The configuration of the neutron flux detector according to the present invention is as follows.
The other is the same as that of the conventional one except that the amount of the neutron sensitive substance 1 applied is different from that of the inner electrode.

Embodiment 2 FIG. In the above embodiment, an example is shown in which the neutron sensitivity of the outer electrode 2 is used in the saturation region. However, a coating method in which both the inner electrode and the neutron sensitivity are used in the saturation region may be considered. Sensitive substance 1
Needs to be changed. According to this embodiment, the neutron sensitivity variation of the neutron flux detector can be further reduced.

[0018]

According to the first aspect of the present invention, the neutron flux detector has an electrode coated with a neutron sensitive substance, and the neutron sensitive substance causes a nuclear reaction with the neutron to measure the number of neutrons.
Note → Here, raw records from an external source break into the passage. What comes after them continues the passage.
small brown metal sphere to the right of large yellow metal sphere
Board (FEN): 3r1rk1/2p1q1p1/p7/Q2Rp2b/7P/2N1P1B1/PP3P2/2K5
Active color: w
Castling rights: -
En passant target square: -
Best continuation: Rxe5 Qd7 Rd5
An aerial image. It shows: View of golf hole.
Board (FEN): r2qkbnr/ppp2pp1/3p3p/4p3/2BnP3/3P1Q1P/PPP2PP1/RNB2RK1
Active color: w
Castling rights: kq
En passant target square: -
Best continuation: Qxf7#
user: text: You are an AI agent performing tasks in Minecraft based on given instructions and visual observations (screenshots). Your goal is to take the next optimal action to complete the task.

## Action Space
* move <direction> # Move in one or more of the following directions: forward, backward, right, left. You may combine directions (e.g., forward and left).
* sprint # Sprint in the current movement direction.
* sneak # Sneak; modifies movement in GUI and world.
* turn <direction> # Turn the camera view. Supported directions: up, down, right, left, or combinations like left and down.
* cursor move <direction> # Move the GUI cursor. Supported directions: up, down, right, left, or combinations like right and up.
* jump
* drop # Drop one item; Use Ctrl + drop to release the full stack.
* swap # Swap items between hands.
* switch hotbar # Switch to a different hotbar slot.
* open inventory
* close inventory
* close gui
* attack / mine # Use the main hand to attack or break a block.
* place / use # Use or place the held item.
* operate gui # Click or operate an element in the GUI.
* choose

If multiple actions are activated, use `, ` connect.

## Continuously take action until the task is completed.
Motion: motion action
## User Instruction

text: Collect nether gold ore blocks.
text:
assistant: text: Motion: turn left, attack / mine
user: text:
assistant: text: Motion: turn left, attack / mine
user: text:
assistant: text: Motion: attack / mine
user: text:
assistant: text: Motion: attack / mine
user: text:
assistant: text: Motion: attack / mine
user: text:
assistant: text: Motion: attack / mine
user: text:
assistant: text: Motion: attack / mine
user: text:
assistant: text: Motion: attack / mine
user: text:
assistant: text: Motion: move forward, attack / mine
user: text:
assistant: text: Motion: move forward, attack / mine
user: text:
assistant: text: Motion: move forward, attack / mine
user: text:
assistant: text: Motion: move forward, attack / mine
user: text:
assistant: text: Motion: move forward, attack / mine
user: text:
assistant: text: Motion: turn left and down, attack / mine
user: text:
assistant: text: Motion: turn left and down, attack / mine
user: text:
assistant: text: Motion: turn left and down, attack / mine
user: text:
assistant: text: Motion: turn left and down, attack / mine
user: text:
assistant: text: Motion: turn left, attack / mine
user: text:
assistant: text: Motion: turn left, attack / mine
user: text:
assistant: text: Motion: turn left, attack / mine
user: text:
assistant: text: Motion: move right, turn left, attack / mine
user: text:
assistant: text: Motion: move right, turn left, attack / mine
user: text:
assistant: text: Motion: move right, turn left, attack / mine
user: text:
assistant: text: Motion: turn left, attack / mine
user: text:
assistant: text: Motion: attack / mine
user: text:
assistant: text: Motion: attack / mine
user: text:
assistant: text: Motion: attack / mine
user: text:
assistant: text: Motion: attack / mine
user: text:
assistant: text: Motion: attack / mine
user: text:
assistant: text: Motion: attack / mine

In the ionization chamber type neutron flux detector that detects neutrons, the thickness of the neutron sensitive substance applied to the electrodes is set to a thickness that saturates the neutron sensitivity. Can be manufactured.
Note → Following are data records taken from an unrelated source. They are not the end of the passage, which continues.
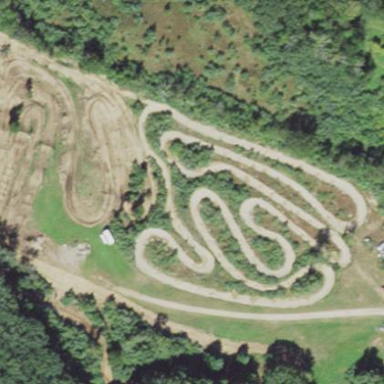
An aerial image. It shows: Motocross raceway for thrilling motocross sports.
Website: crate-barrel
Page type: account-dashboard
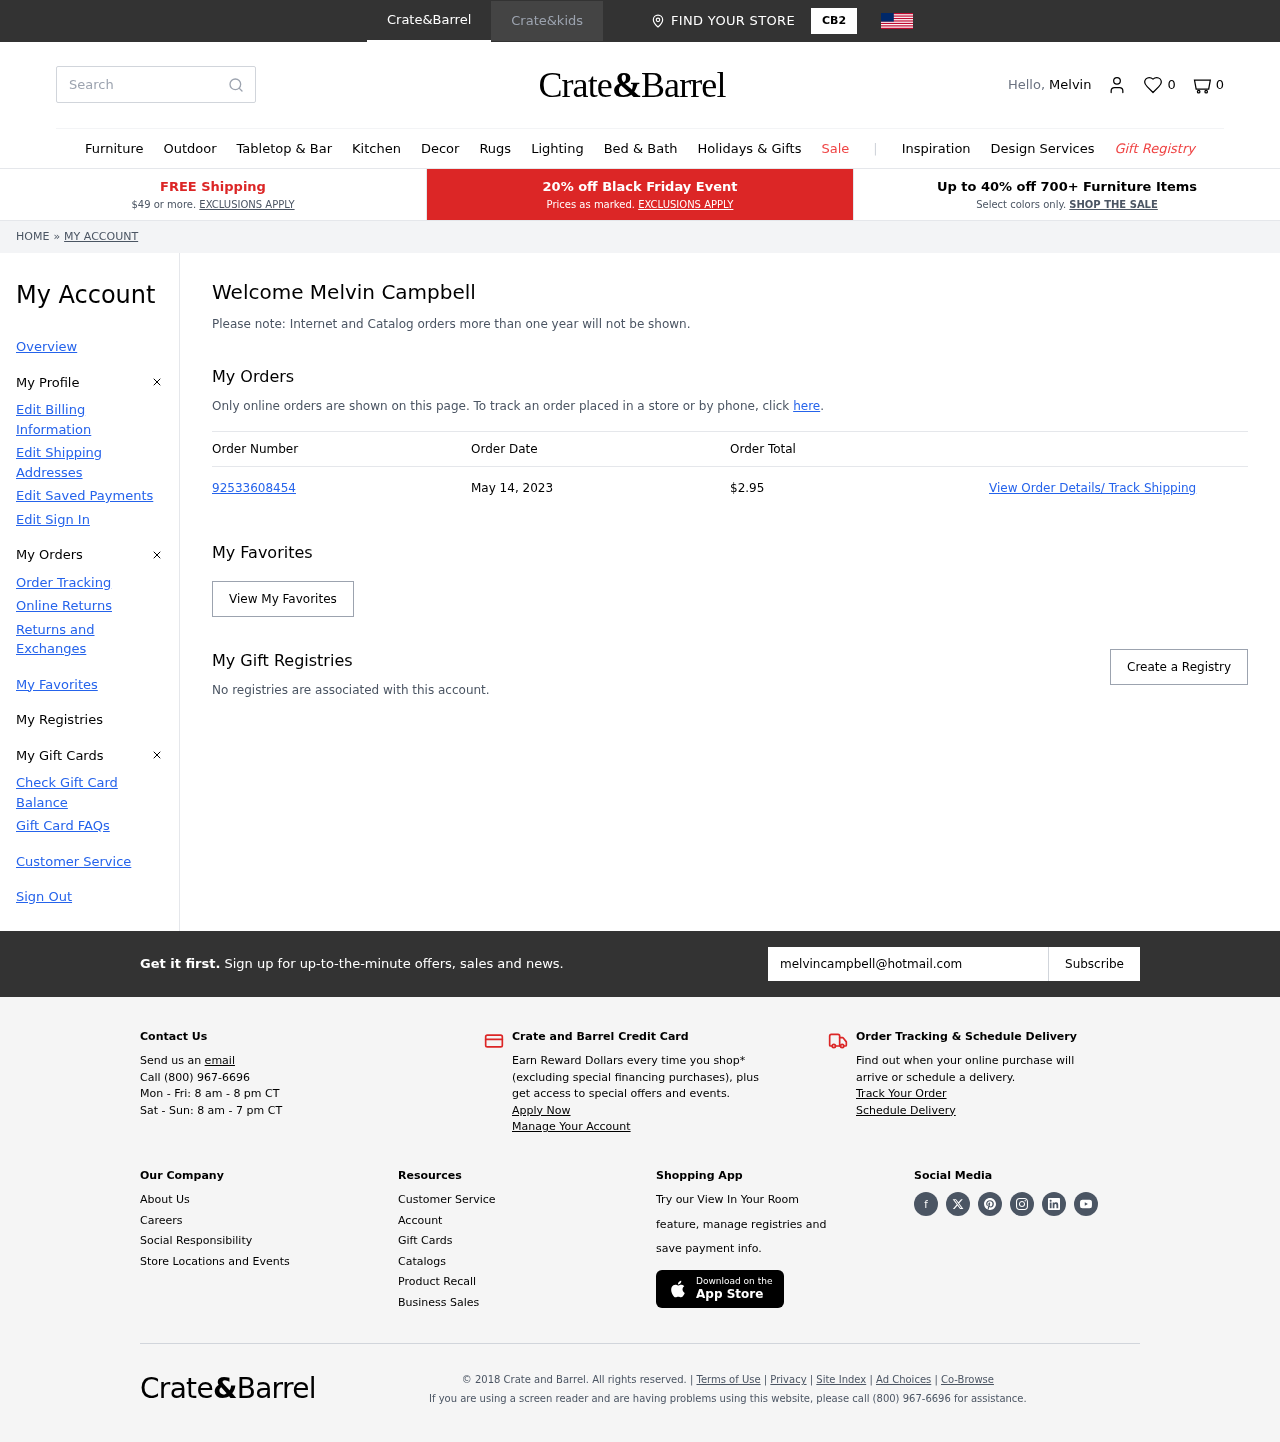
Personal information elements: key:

A neutron flux detector according to a second aspect of the present invention has an inner electrode and an outer electrode coated with a neutron sensitive substance, and measures neutrons by measuring a charged particle generated by a nuclear reaction of the neutron sensitive substance with a neutron. In the ionization chamber type neutron flux detector that detects the number of neutrons, the thickness of the neutron sensitive substance applied to the outer electrode is set to a thickness that saturates the neutron sensitivity, so the neutron flux detector with small neutron sensitivity variation Can be easily manufactured.

A neutron flux detector according to a third aspect of the present invention has an inner electrode and an outer electrode coated with a neutron sensitive substance. The neutron sensitive substance causes a nuclear reaction with the neutron to measure charged particles generated by the neutron. In the ionization chamber type neutron flux detector for detecting the number of neutrons, the thickness of the neutron sensitive substance applied to the inner electrode and the outer electrode is set to a thickness at which the neutron sensitivity is saturated, so that the variation in the neutron sensitivity is further reduced. A neutron flux detector can be easily manufactured.
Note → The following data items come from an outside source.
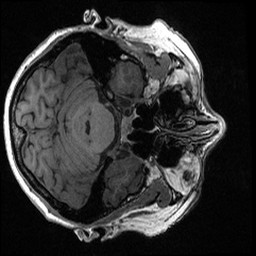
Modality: T1w
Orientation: axial
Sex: female
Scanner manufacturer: ge
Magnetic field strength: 3 T
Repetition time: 0.0064 s
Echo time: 0.00281 s
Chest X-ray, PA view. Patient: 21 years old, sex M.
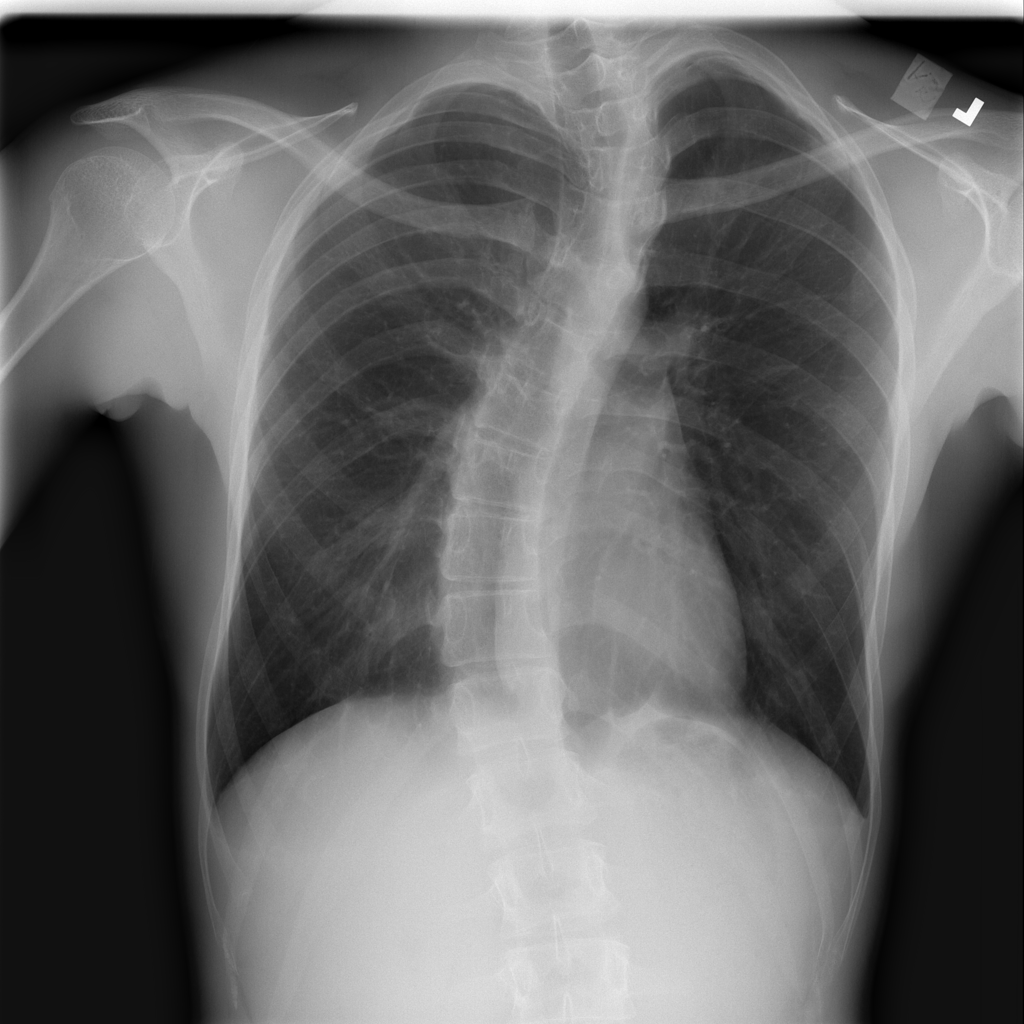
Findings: No Finding
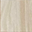
Piece: xx
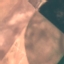
Label: AnnualCrop
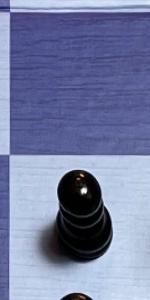
Label: Pawn_Black
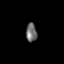
Tissue: skin
Cell type: Epithelial cells
Senescence score: 0.2777
Nuclear area (px): 196
Mean DAPI intensity: 111.714
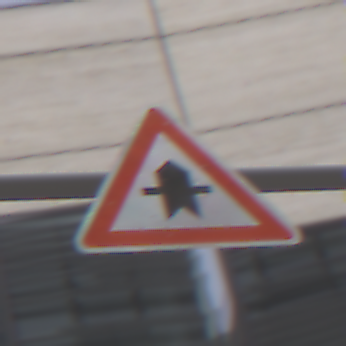
Verkehrszeichen: Vorfahrt
Umgebung: Outdoor, Urban
Tageszeit: Midday
Wetter: Overcast
Licht: Natural
Jahreszeit: NotSpecified
Kontrast: LowContrast
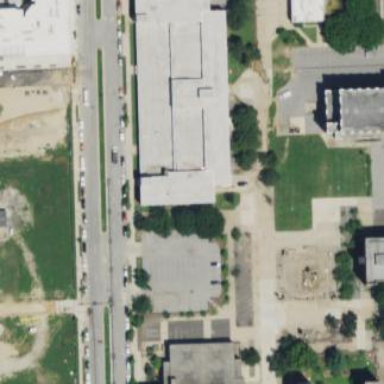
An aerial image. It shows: Part of building.

[Brief description of the drawings]

FIG. 1 is a diagram showing a relationship between neutron sensitivity and neutron sensitive substance weight according to an embodiment of the present invention.

FIG. 2 is a cross-sectional view of a conventional neutron flux detector.

FIG. 3 is a cross-sectional view of a conventional neutron flux detector assembly.

[Explanation of symbols]

 1 Neutron sensitive substance, 2 outer electrode, 3 inner electrode.

Claims (3)

(57) [Claims] 1. An electrode coated with a neutron sensitive substance,
In the ionization chamber type neutron flux detector for detecting the number of the neutrons by measuring the charged particles generated by the neutron sensitive substance caused a nuclear reaction with the neutron, the film thickness of the neutron sensitive substance applied to the electrode A thickness at which neutron sensitivity is saturated. 2. An ionization apparatus comprising an inner electrode and an outer electrode coated with a neutron sensitive substance, wherein the neutron sensitive substance causes a nuclear reaction with the neutron to measure the number of charged particles generated to measure the number of the neutrons. In a box-type neutron flux detector, the thickness of the neutron sensitive substance applied to the outer electrode is a thickness at which neutron sensitivity is saturated. 3. An ionization apparatus comprising an inner electrode and an outer electrode coated with a neutron sensitive substance, wherein the neutron sensitive substance causes a nuclear reaction with the neutron and measures the number of charged particles generated to measure the number of the neutrons. In a box-type neutron flux detector, the thickness of the neutron sensitive substance applied to the inner electrode and the outer electrode is set to a thickness at which neutron sensitivity is saturated.